Recently, digital broadcasting has started in satellite broadcasting and terrestrial broadcasting. In the digital broadcasting, data such as compressed, encoded video data (picture data), audio data (sound data) and other management data corresponding to a plurality of channels are generally multiplexed for transmission. The video data and audio data are generally compressed and encoded according to the MPEG1 or MPEG2 method. An MPEG2 transport stream (TS: Transport Stream; hereinafter, simply referred to as “TS” as appropriate) is generally used for multiplexing. A standard for transmitting such a transport stream from a set-top box to another equipment through a digital interface such as IEEE1394 has also been determined.
FIG. 7 is a diagram showing a general structure of the transport stream. As shown in FIG. 7, a transport stream is formed from 188-byte packets (TS packets). Each TS packet is divided into a header portion and a data portion. The header portion includes reference time information called PCR (Program Clock Reference) and the like. On the other hand, the data portion includes one type of data out of general data such as video data, audio data, program specific information (PSI) data and additional data.

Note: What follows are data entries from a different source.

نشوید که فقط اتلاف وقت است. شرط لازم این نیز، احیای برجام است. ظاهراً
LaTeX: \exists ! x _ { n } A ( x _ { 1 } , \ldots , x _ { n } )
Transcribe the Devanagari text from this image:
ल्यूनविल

As shown in FIG. 7(a), a bitstream of the video data, audio data or additional data is called an elementary stream. The elementary stream is packetized by a prescribed unit into PES (Packetized Elementary Stream) packets. The PES packet is formed from a PES packet header and PES packet data that forms a part of the elementary stream. The PES packet header includes decoding time (DTS), display time (PTS) and the like of the elementary stream. The PES packet is packetized by a prescribed unit into TS packets each having a TS packet header added thereto.

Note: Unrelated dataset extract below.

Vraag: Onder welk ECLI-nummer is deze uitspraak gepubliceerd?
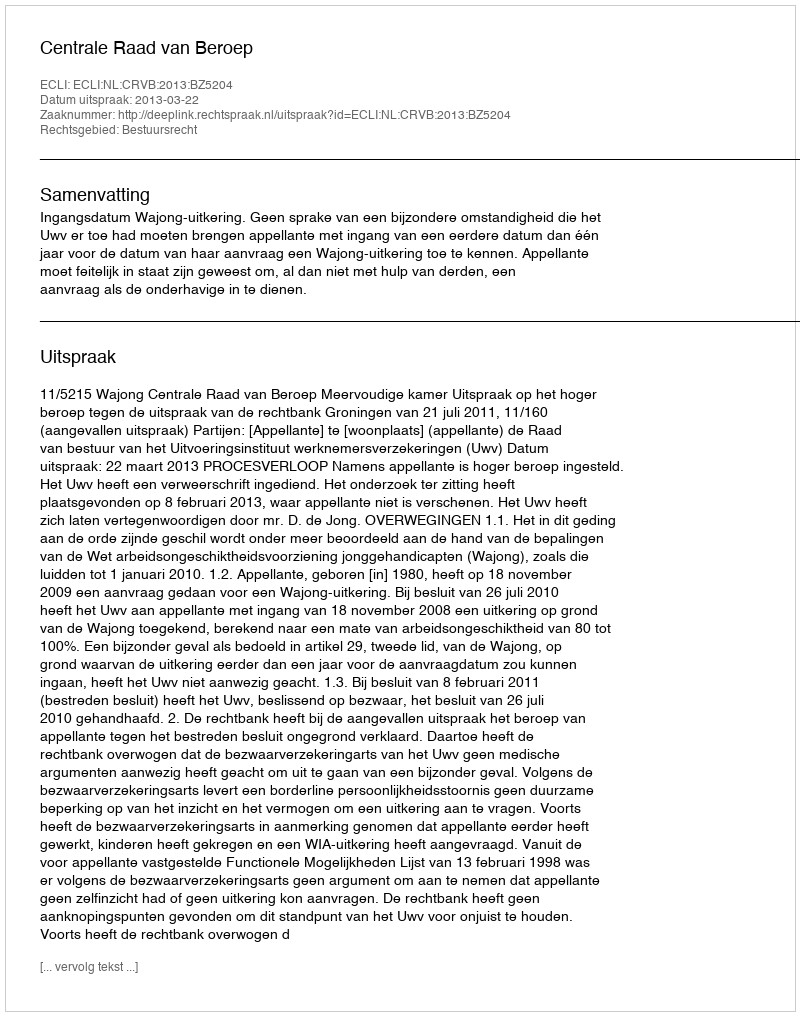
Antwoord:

On the other hand, as shown in FIG. 7(b), the program specific information data is called a PSI section. The PSI section is formed from a PSI section header and a PSI table. The PSI section is packetized by a prescribed unit into TS packets each having a TS packet header added thereto.
It is possible to reproduce synchronized picture, audio and the like by decoding the transport stream as shown in FIG. 7 with reference to the header information and management data in the order of arrival.

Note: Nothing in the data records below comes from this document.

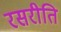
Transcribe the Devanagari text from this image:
रसरीति
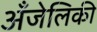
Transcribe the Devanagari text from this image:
अँजेलिकी
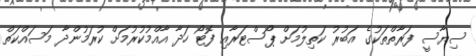
ސިޔާސީ ފަރާތްތަކުގެ އަބުރު ކަތިލުމަށް ޕޯސްޓަރާއި ފޮޓޯ ހަދާ އާއްމުކުރުމަށް ކުރަމުންދާ މަސައްކަތް
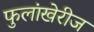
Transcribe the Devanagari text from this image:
फुलांखेरीज
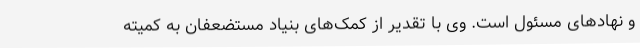
و نهادهای مسئول است. وی با تقدیر از کمک‌های بنیاد مستضعفان به کمیته
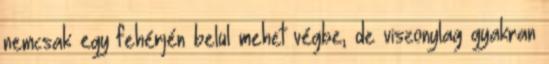
nemcsak egy fehérjén belül mehet végbe, de viszonylag gyakran

An apparatus for recording such a transport stream onto a magnetic tape is disclosed in Japanese Laid-Open Publication No. 8-273305. The transport stream cannot be recorded on an analog video tape recorder and the like.
Therefore, the aforementioned publication proposes a method for recording on the magnetic tape an input transport stream or a stream corresponding to a single channel that is selected from the transport stream.
Problems
However, the prior art has the following problems.
The aforementioned method directly records an input transport stream or a stream corresponding to a single channel that is selected from the transport stream. Since a magnetic tape generally has a very large capacity, long recording time can be ensured even if the stream is thus directly recorded thereon.
However, a recording medium having a smaller capacity than that of the magnetic tape, e.g., an optical disk, has very short recording time when the stream is recorded thereon by the aforementioned method, causing a practical problem. For example, a typical high-capacity recording optical disk, DVD-RAM, has a capacity of 2.6 GB. A stream having a bit rate of 6 Mbps can be recorded on the DVD-RAM at most only for about one hour.
On the other hand, in a current analog VTR, recording for two to three hours is possible even in the standard mode. A movie, a sports program and the like normally last for about two hours. In view of the above, a recording optical disk such as DVD-RAM may not be utilized very much as a broadcast recording medium when a stream is recorded thereon using the conventional method.